Die von Kai ermittelte Formel kannst du auch von Excel berechnen lassen, falls du ein wenig damit experimentieren willst. Maus auf die Trendlinie, rechte MAustaste und "Trendlinie" formatiern wählen.


----------



## spacedriver (13 November 2006)

Danke, soetwas habe ich gesucht. Da ich aber etwas Probleme habe mit den Formeln umzugehen, weiß ich nicht genau wie ich diese in dem Programm umsetzen soll. Vielleicht hat jemand von euch ein Beispiel, wäre super.

Danke


----------



## Ralle (13 November 2006)

Die S7 hat folgende mathem. Funktionen direkt implementiert:



> · +R Addiere AKKU 1 und 2 als Gleitpunktzahl (32 Bit)
> · -R Subtrahiere AKKU 1 von 2 als Gleitpunktzahl (32 Bit)
> · *R Multipliziere AKKU 1 und 2 als Gleitpunktzahl (32 Bit)
> · /R Dividiere AKKU 2 durch 1 als Gleitpunktzahl (32 Bit)
> ...


 
So rechnet man in AWL:

http://www.sps-forum.de/showthread.php?t=10000&highlight=ln


----------



## Kai (13 November 2006)

spacedriver schrieb:


> Danke, soetwas habe ich gesucht.
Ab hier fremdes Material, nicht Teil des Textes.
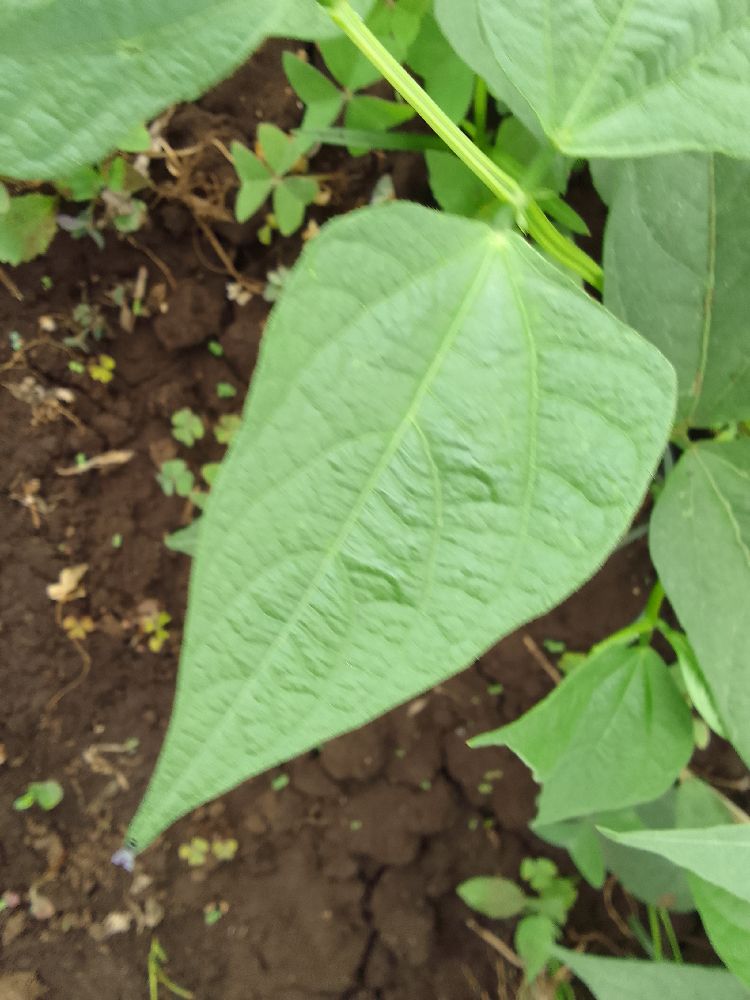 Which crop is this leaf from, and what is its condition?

common bean, healthy
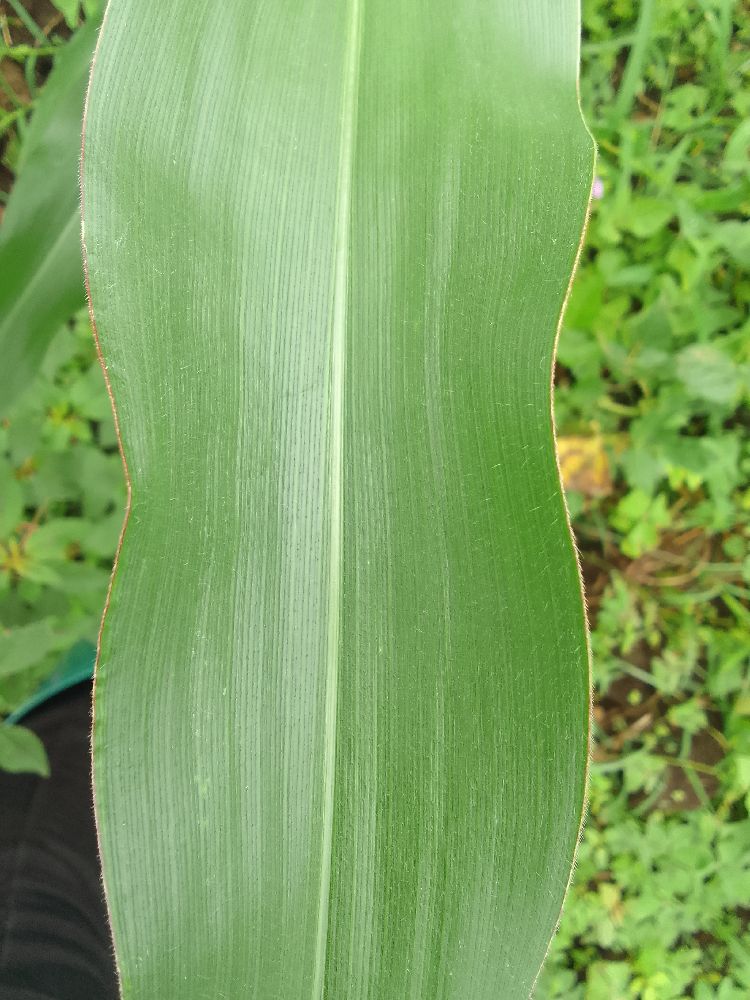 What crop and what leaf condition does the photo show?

maize, healthy

Da ich aber etwas Probleme habe mit den Formeln umzugehen, weiß ich nicht genau wie ich diese in dem Programm umsetzen soll. Vielleicht hat jemand von euch ein Beispiel, wäre super.


 
Nachfolgend ein Beispiel für die Berechnung der Heizkurve (mit den Koeffizienten aus der Polynom Regression mit n=4).

Gruß Kai


----------



## repök (20 Oktober 2011)

oder man nutzt einfach mal oscat.....


----------



## SCM (21 Oktober 2011)

Hallo!

Anbei auch noch eine Lösung für den Interpolation mit 10 Stüzpunkten.

Mfg


----------



## thomass5 (21 Oktober 2011)

Vielleicht postet ja auch der TE mal sein Lösung, die hoffentlich seit einigen Jahren gut läuft


----------